After the officers were gunned down in Baton Rouge, Dunn vented his hurt and frustration through an op-ed in the Atlanta Journal Constitution and on social media. He lamented the pain the families of the dead officers are feeling and the acts of violence that “don’t solve anything.”

“The reality of our world is that there is a lot of unrest in our communities, particularly where police shootings are happening. Of course, this takes me back to when my own black mother was ambushed and killed — by a black man,” he wrote, adding that elected leaders should take up the issue of guns without the taint of politics, that change starts with the individual and that laws need to be vigorously enforced. “Of course, I know there are officers who do not do the right thing — that is true in every profession. But when murder is a planned event — the rule of law should matter, and loopholes or sophisticated lawyering have to stop.”

Mother's Dream

Much like this latest violence against officers, Smothers’ murder prompted an outpouring of grief but also love. A hefty reward was issued for her killers’ arrest. Thousands of mourners and throngs of media attended Smothers' funeral, and a line of cars several miles long snaked down the highway from her funeral to the cemetery. People in the community started a fund for Dunn's family and helped them as they grieved.

“At 18 years old I was emotionless. I didn’t have any emotion,” Dunn said. “I was just stale-faced, because my focus was on my family. I had to take care of the kids.” He didn’t have a job. There was rent to pay and a family to guide.

In months and years following her death, Dunn went from being a star athlete on the football and track teams at Catholic High School to a star running back at Florida State University. He was forced to grow up fast, taking sometimes tepid steps through young adulthood as he transitioned from brother to father-figure, from college standout to pro athlete.
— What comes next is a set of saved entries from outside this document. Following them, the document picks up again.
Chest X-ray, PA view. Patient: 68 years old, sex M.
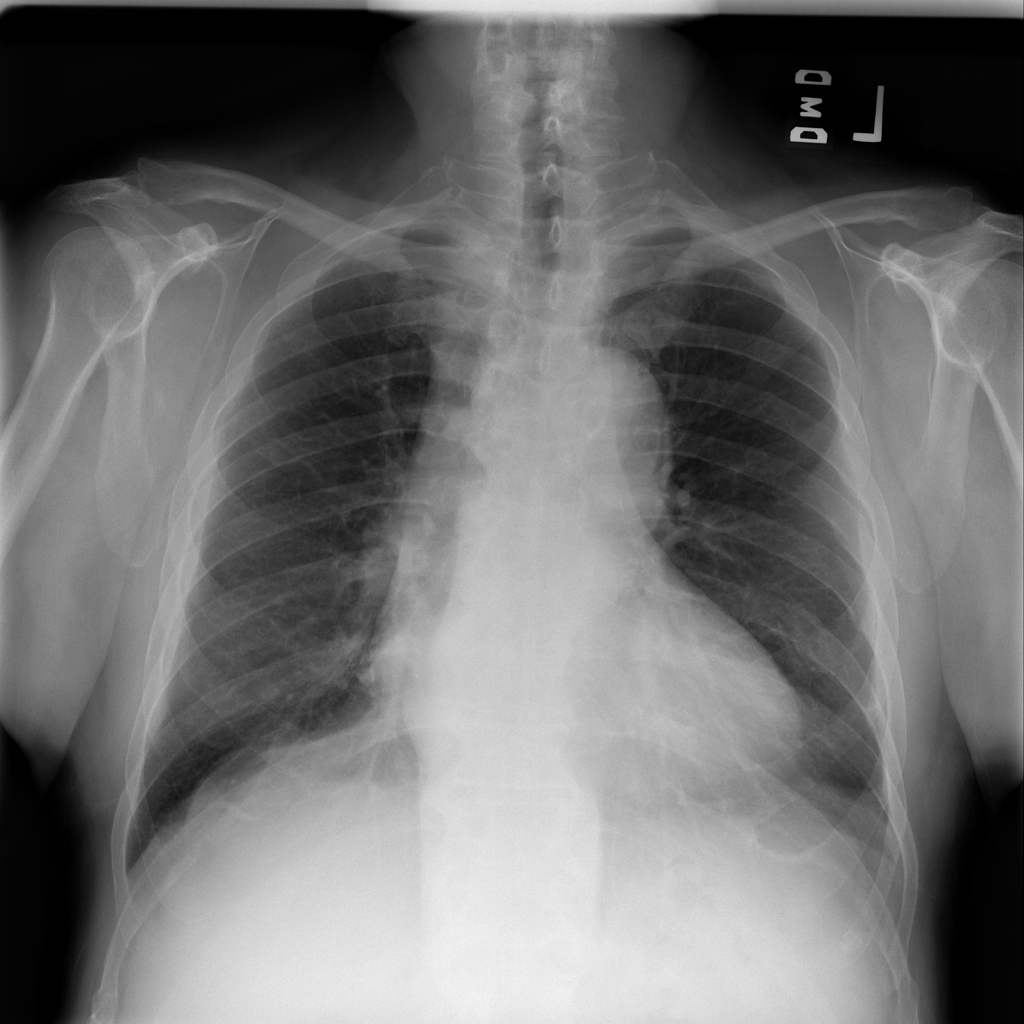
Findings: No Finding
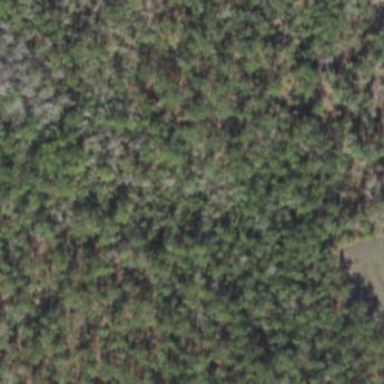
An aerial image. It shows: Mixed leaf woodland.
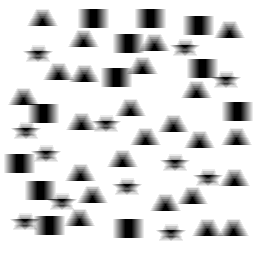
Squares: 12
Triangles: 24
Stars: 12
Total shapes: 48
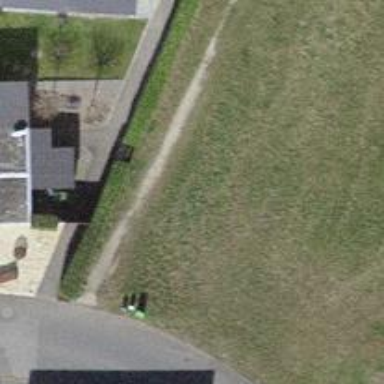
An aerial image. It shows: Path on the ground.
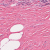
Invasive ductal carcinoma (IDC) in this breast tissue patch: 0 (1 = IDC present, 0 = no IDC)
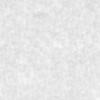
Label: no_change
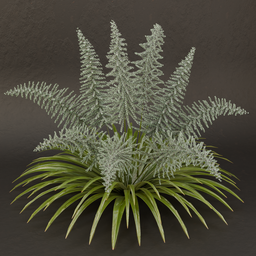
Label: nature
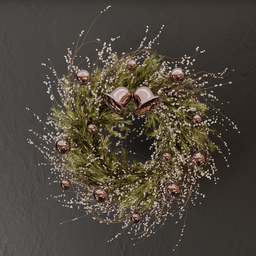
Label: decoration
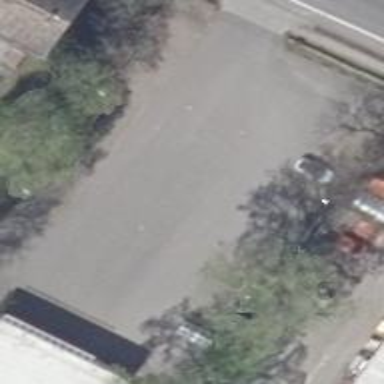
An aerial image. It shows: Parking area with asphalt surface.
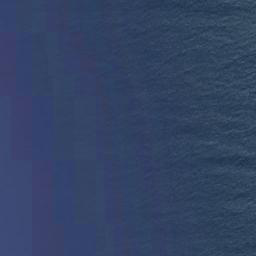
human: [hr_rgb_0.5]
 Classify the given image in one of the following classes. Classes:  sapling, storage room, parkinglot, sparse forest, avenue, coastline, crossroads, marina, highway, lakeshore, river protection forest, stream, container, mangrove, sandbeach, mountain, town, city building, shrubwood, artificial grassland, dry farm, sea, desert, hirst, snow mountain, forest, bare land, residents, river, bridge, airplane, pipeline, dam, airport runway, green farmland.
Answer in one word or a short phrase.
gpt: sea
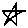
Label: star
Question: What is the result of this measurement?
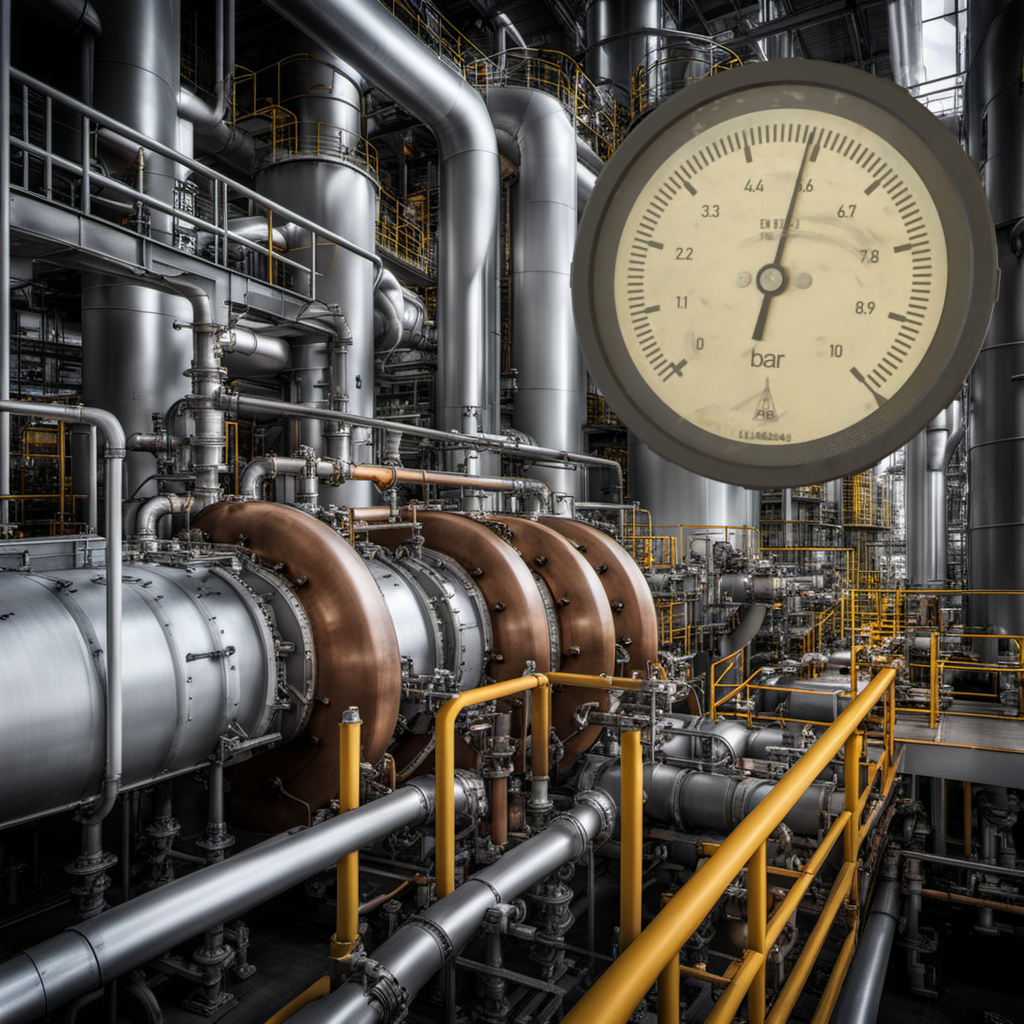
Answer: The result is 5.41
Question: What is the value range of the measurement in the image?
Answer: The range is from 0 to 10
Question: What is the minimum and maximum reading range of the measurement in the image?
Answer: The minimum value is 0 and the maximum value is 10

Related: After Baton Rouge Shooting, Loretta Lynch Says Country Needs to 'Work Together'

When his mother was killed, she was renting a house. Dunn used the insurance money to fulfill her dream of buying a home of their own. The home gave the family “a sense of peace,” he’d tell reporters who’d periodically write about his overcoming the grief of his mother’s death to excel on and off the field. Dunn soon found himself on a mission to help others live out their dreams of home ownership and the stability that comes with a solid roof over their heads. Soon after signing a multiyear, multimillion dollar deal with the NFL’s Tampa Bay Buccaneers in 1997, Dunn established charities aimed at disadvantaged youth and single parents.

Recently, through Dunn’s Warrick Dunn Charities, he’s helped nearly 150 single parents become first-time homeowners. It’s his way of giving back to the community while continuing to heal from his mother’s death.
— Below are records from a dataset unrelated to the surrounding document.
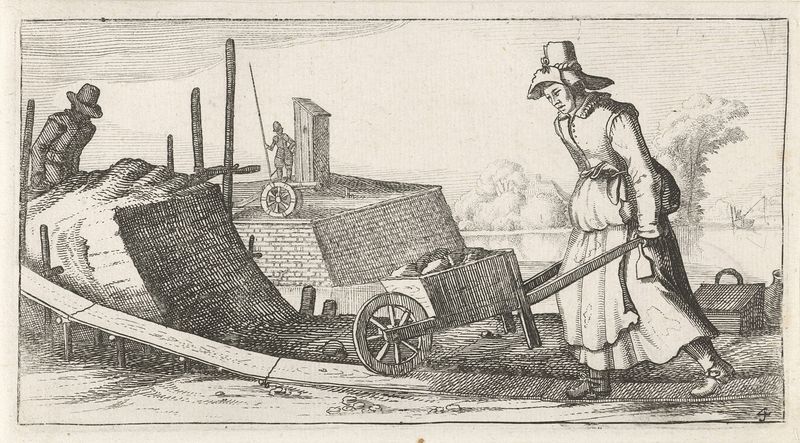
Titel: Vrouw in werkkleding, met kruiwagen
Künstler: Dirk Eversen Lons
Standort: Amsterdam
Institution: Rijksmuseum
Schlagwörter: mann, frau, hut, mensch, stein, steine, gewand, arbeit, mauer, arbeiter, rad, schubkarre, holzsteg, anbau, stich, werkzeug, baustelle, wall
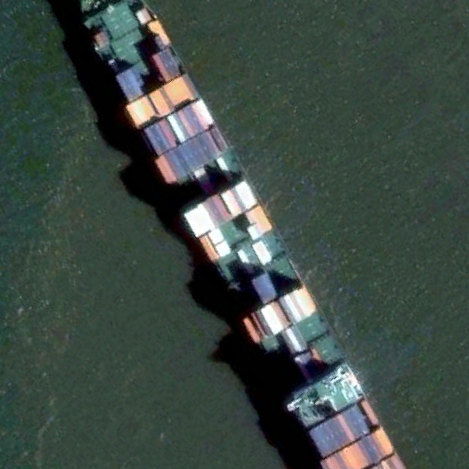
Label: Container_ship
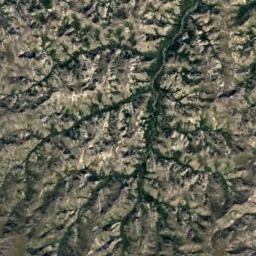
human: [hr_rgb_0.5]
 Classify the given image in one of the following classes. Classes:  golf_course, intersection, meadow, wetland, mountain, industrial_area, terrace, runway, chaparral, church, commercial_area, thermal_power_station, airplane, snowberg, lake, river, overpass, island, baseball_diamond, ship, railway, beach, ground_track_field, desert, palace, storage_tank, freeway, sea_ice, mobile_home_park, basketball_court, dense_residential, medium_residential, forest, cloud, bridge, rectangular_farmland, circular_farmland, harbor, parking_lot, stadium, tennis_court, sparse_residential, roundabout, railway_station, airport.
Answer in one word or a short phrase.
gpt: mountain
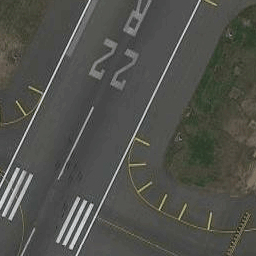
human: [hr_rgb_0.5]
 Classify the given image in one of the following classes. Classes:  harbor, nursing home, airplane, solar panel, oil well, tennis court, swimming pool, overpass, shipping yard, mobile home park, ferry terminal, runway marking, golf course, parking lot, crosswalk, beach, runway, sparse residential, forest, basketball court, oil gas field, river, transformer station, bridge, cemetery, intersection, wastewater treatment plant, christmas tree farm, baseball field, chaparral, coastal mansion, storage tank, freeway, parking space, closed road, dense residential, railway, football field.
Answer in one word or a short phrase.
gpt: runway
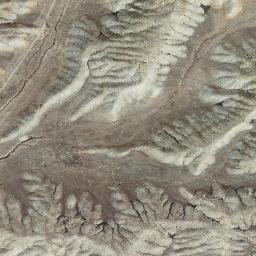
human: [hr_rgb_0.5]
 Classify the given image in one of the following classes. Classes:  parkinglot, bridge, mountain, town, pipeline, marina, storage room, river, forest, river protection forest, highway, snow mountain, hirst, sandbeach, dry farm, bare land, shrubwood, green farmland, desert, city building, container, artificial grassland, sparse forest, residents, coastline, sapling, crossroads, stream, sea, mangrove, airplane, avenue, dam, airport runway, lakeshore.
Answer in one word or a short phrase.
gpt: mountain
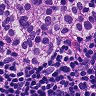
Metastatic tissue present: yes
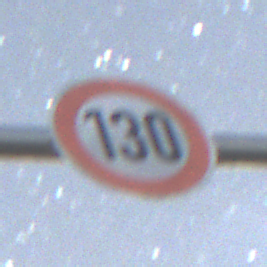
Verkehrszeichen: Geschwindigkeit130
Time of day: Night
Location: Outdoor (Nature)
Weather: Clear
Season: NotSpecified
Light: Natural
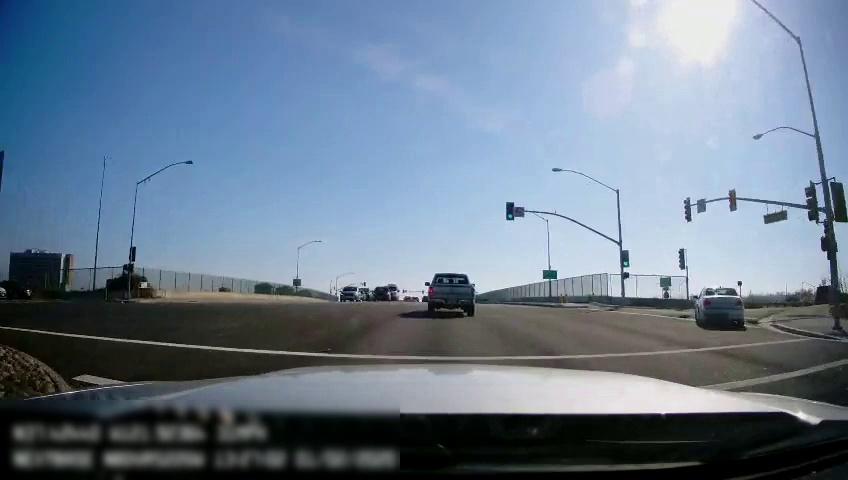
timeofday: Day
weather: Sunny
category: Drivable Space
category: Vehicles | Car
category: Vehicles | Car
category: Vehicles | Van
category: Vehicles | SUV
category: Vehicles | Car
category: Vehicles | Van
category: Vehicles | Car
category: Vehicles | Car
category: Vehicles | Car
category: Vehicles | Truck
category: Traffic | Lights
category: Traffic | Signs
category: Traffic | Lights
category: Traffic | Signs
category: Traffic | Lights
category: Traffic | Lights
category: Traffic | Signs
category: Traffic | Lights
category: Traffic | Signs
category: Traffic | Lights
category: Traffic | Signs
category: Traffic | Lights
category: Traffic | Lights
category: Traffic | Lights
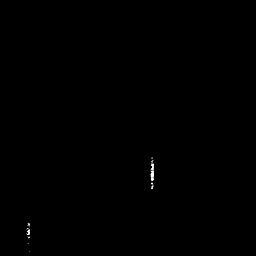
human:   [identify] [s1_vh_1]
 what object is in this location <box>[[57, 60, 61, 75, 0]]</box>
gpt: <ref>1 small ship at the center</ref>
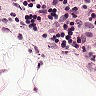
Metastatic tissue present: no
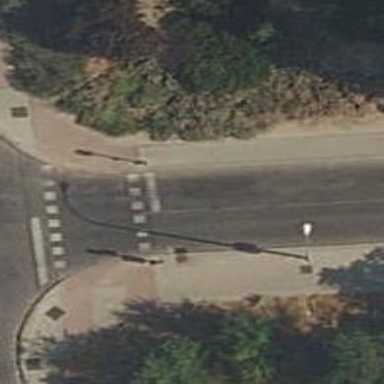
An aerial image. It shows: Road with traffic signals at the crossing.
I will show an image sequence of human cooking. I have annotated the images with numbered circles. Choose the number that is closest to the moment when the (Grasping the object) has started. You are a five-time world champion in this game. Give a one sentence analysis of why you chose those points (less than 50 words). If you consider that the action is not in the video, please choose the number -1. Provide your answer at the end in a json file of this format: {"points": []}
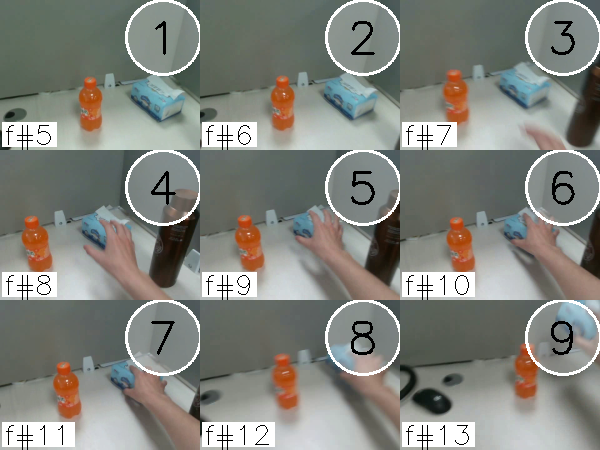
Frame 6 shows the clearest moment of hand-object contact.
{"points": [6]}
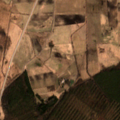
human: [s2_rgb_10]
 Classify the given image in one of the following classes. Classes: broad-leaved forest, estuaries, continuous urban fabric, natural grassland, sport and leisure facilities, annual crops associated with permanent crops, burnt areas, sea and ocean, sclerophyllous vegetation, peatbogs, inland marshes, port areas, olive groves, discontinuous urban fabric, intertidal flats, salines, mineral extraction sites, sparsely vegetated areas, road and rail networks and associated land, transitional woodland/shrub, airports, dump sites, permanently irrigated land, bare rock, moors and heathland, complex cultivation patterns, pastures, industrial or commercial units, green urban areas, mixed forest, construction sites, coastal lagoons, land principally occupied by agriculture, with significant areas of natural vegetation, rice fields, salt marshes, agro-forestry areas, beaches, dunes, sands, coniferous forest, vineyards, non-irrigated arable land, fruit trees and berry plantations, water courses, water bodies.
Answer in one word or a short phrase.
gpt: non-irrigated arable land, pastures, complex cultivation patterns, coniferous forest, mixed forest

“I would tell people all the time that I want to be remembered as a great football player. I played the game, and I thought I was one of the best. I tried to go out and perform, but the true highlights of my life are with my family,” Dunn said. “I’ve tried to live a life that would make my mom proud. Looking back, I wasn’t perfect, but I tried to live a life that she would be proud of. Football was just a vehicle, a platform.”

As Baton Rouge stumbles through another time of great grief, wrestling with the deaths of Sterling as well as the slain officers, Dunn said the city will have to push forward the way it always has — with heart.

“People in this community taught me what it means to care about your neighbor,” Dunn said, calling his extended family of community members his “planks.” “It’s a resilient community. Baton Rouge has certain values that they bring to the table, and I think we have to get back to that. Race relations in this country are still at the forefront ... We all come from different backgrounds. We all have different stories and our own experiences that we may not understand. Nothing is going to be perfect, but we can take this opportunity to show people that we are taking the right steps and doing this together.”